Automattic / kue

Kue is a priority job queue backed by redis, built for node.js.
http://automattic.github.io/kue
MIT License
9.45k stars 862 forks source link

Delayed job processed more than once #1133

Open jkrenge opened 6 years ago

jkrenge commented 6 years ago

It's a bit hard to reproduce, and I'm not 100% sure what to share exactly.

Setup: We have one large redis in the middle, and a variety of different queues and workers connected. Each queue is being fed by at least 10 workers, and processed by another 10.

Now, I do have one specific type of job, that's enqueued with a delay (e.g. 70 hours). This job is also a bit longer, takes on average 1.8 seconds. And this is regularly being processed twice in parallel, by different workers, maybe even on different machines.

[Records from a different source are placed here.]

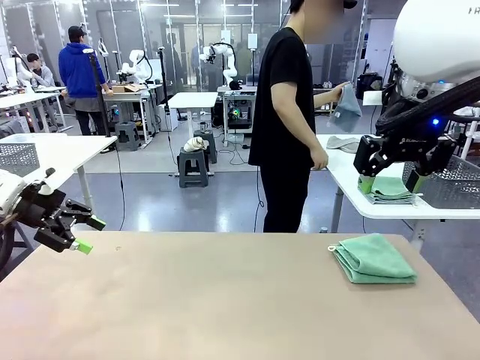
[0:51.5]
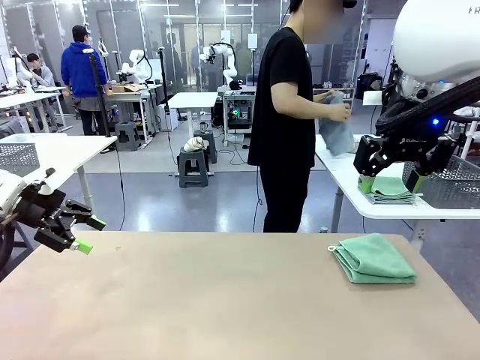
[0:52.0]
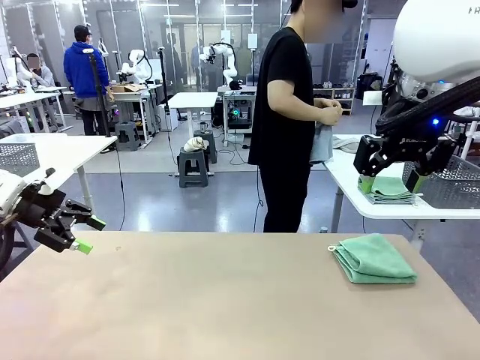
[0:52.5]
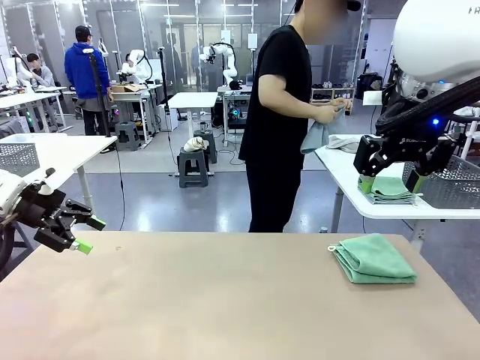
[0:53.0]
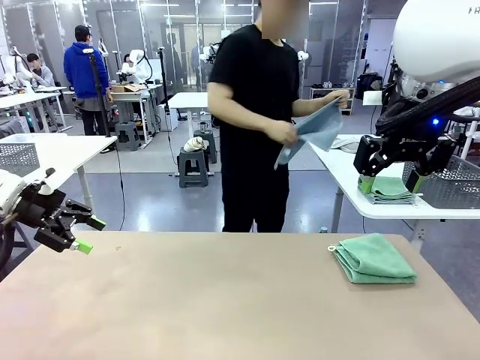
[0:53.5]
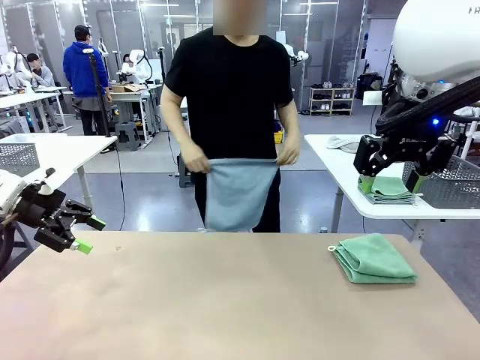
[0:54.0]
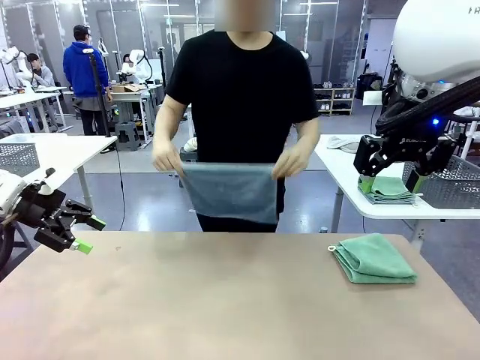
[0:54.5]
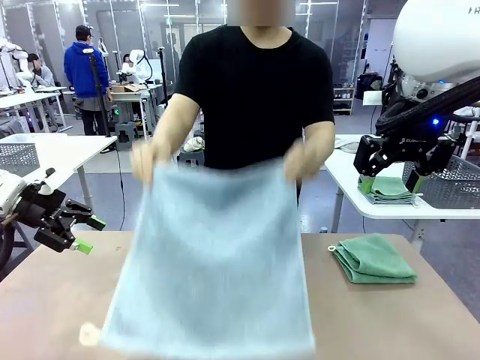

For example, I log the start of the job and got:

2017-11-16 10:56:12.733 - Job 2494621079...
2017-11-16 10:56:12.180 - Job 2494621079...

Is there anything I can do about this, or are we just cratching the top-line and may need to move to another queue system?

behrad commented 6 years ago

There should be race somewhere like here: https://github.com/Automattic/kue/blob/master/lib/kue.js#L168 that us causing a delayed job to duplicated in inactive state

jkrenge commented 6 years ago

That does make sense. So the job promotion is checked twice — by different workers — and both of them deem the job ready to be processed, and change its state to inactive. Then, I do have the same job twice in my inactive queue?

behrad commented 6 years ago

May be, however we have a lock there... but there should be a leakage! We should harden job promotion logic in v1 branch, or even make it a lua script if possible

jkrenge commented 6 years ago

As a temporary fix, is there maybe a way to wait within the worker, and re-check whether the job with this id exists twice, and then abort if it's not the job instance with the lowest timestamp?